Addition of the β-DPH HPC probe into different binary mixtures of all three individual components gave rise to the same characteristic band at ~320 nm with increases in intensity for LD(0.75:1) < LP ≤ PD, whereas LPD showed appreciably stronger signals (Figure 7a). The observed increases suggest that the probe integrates more strongly into nanocomplexes with a more pronounced internal order. This is important for two reasons. Firstly, because the probe does not interact with individual peptide and DNA components, but does with liposomes and complexes, it is the supramolecular arrangements of individual components that support probe-complex interactions. Secondly, because the binding of the probe is predominantly driven by the hydrophobic effect inter-component interactions in the complexes set up exposed hydrophobic regions (DNA bases, hydrophobic amino-acid side chains, lipid aliphatic chains) that are sufficiently extensive to support continuous probe binding. The hydrophobic nature of probe-complex interactions is further confirmed by dynamic light scattering (Table 1), which showed no correlations between the sizes and charges of the complexes. In this notation, the linear dichroism data suggests that PD complexes provide stronger hydrophobic interactions than LD. Signals for LPD, which are approximately two-fold stronger than those for LD or PD, are likely to comprise contributions from both types of interactions, LD and PD. Essentially the same circular dichroism spectra for LPD and PD complexes (Fig. 7b) imply that hydrophobic exposure is not a result of folding-mediated assembly and does not necessarily lead to more stable formulations.

Figure 7
figure 7

(a) Linear dichroism spectra of LP formulation and LD (0.75:1), PD and LPD complexes. (b) Circular dichroism spectra LPD and PD complexes and LP formulation.

Discussion

Lipopolyplex vectors comprising formulations of liposomes, cationic targeting peptides and DNA (LPD) show significantly higher transfection efficiencies than their liposome-DNA (LD) lipoplex or peptide-DNA (PD) polyplex equivalents and this has also been observed with other lipopolyplex formulations6,7,8,9,11. The enhancement of transfection efficiency of LPD formulations is more than an additive effect of LD and PD transfections, suggesting a co-operative effect between the liposome and peptide components in the enhancement of transfection. To better understand the enhanced transfection efficiency properties of LPD vectors we undertook a systematic analysis of the biological and biophysical properties of binary LD and PD complexes and the ternary LPD complex and investigated the roles of the liposome, peptide and DNA components in the formation and function of the LPD vector.

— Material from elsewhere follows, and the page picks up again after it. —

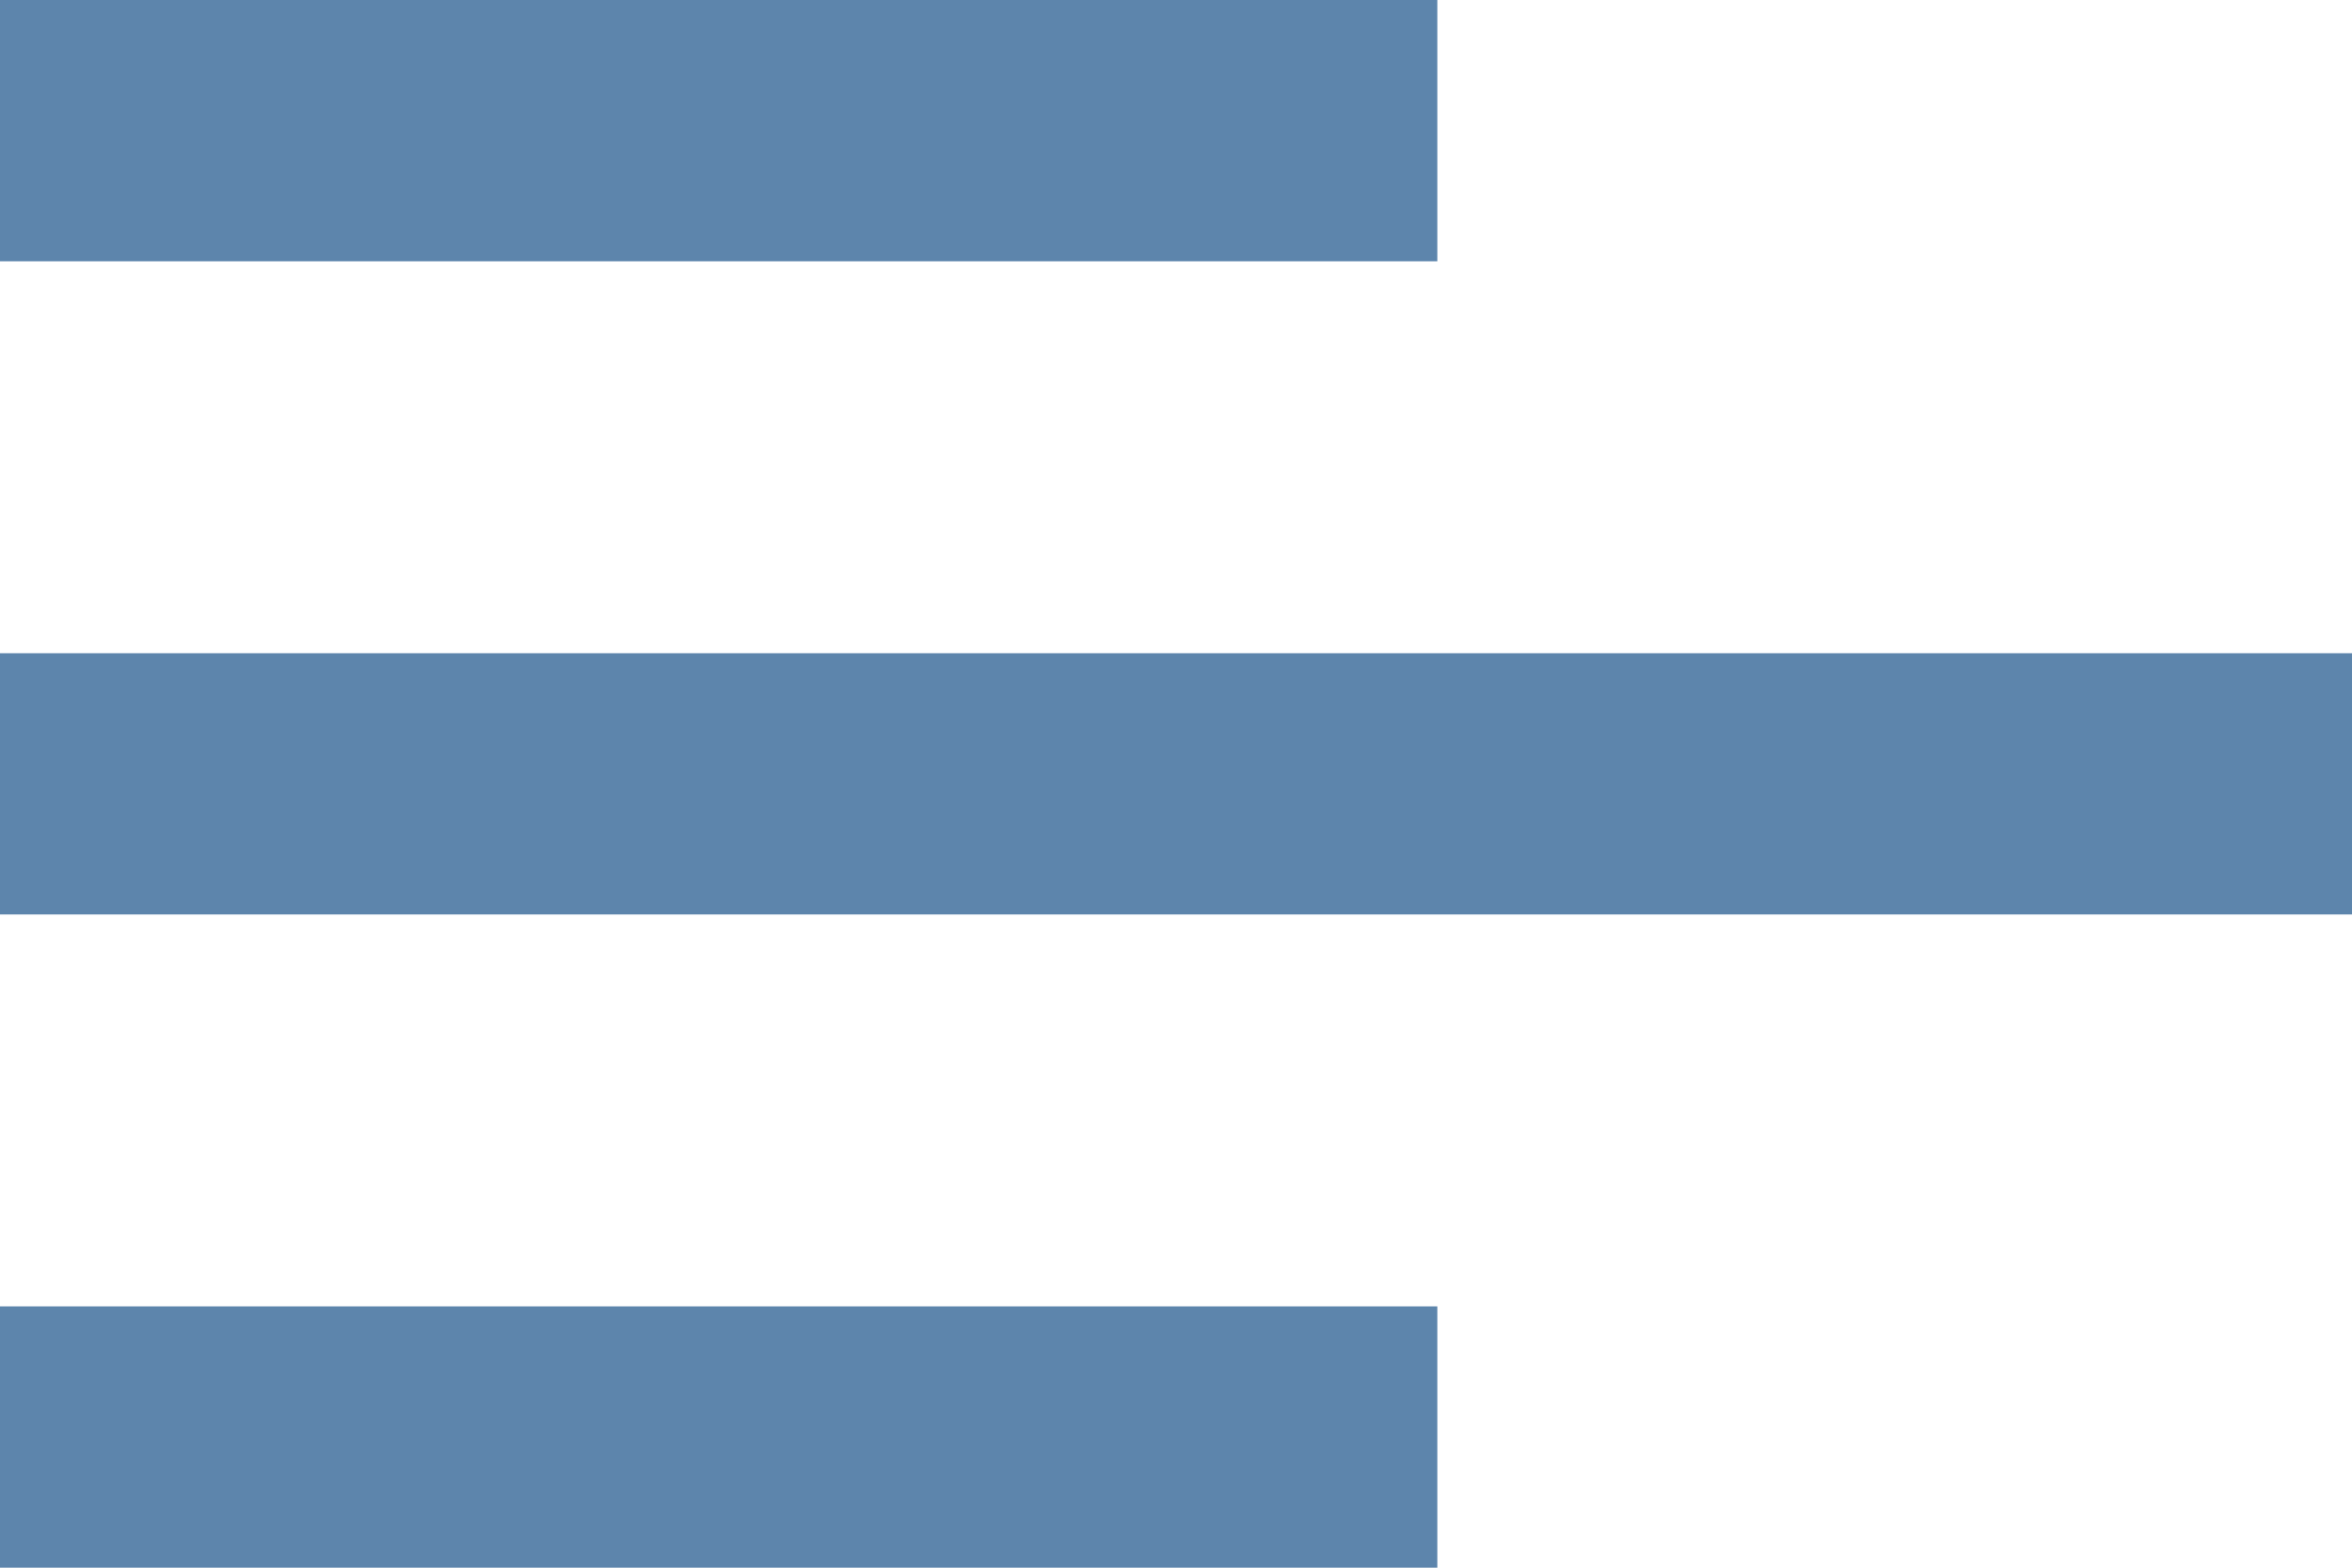 <svg width="18" height="12" viewBox="0 0 18 12" fill="none" xmlns="http://www.w3.org/2000/svg">
<path d="M11 1L3.39978e-08 1M18 6L0 6M11 11L3.39978e-08 11" stroke="#5D85AC" stroke-width="2"/>
</svg>

In the transfection process several key steps must take place to allow for efficient gene expression including, i) the formation of stable particles that can protect plasmid DNA from degradation, ii) attachment of vector to cells, iii) uptake of the vector into cells, iv) endosomal escape, v) nuclear entry and vi) release of plasmid DNA from the nanocomplex for transcription.

Our data show that the formation of small discrete cationic particles is a consequence of peptide/DNA interactions in the LPD complexes. We show that cationic peptides more efficiently condense and package DNA than cationic liposomes, a phenomenon seen in previous studies and most likely due to the higher charge density of the peptide molecules24. In addition, peptide containing complexes were more stable to heparan sulphate challenge indicating greater protection to the packaged DNA.

Attachment of vector to cells is determined primarily by the surface charge of the vector with cationic complexes being attracted to the anionic cell surface and differences could affect cell binding and vector internalisation25. In contrast to the peptide component the amount of liposome used in the LPD complexes was not sufficient to neutralise plasmid DNA highlighting that the formation of cationic particles is also a function of the peptide component.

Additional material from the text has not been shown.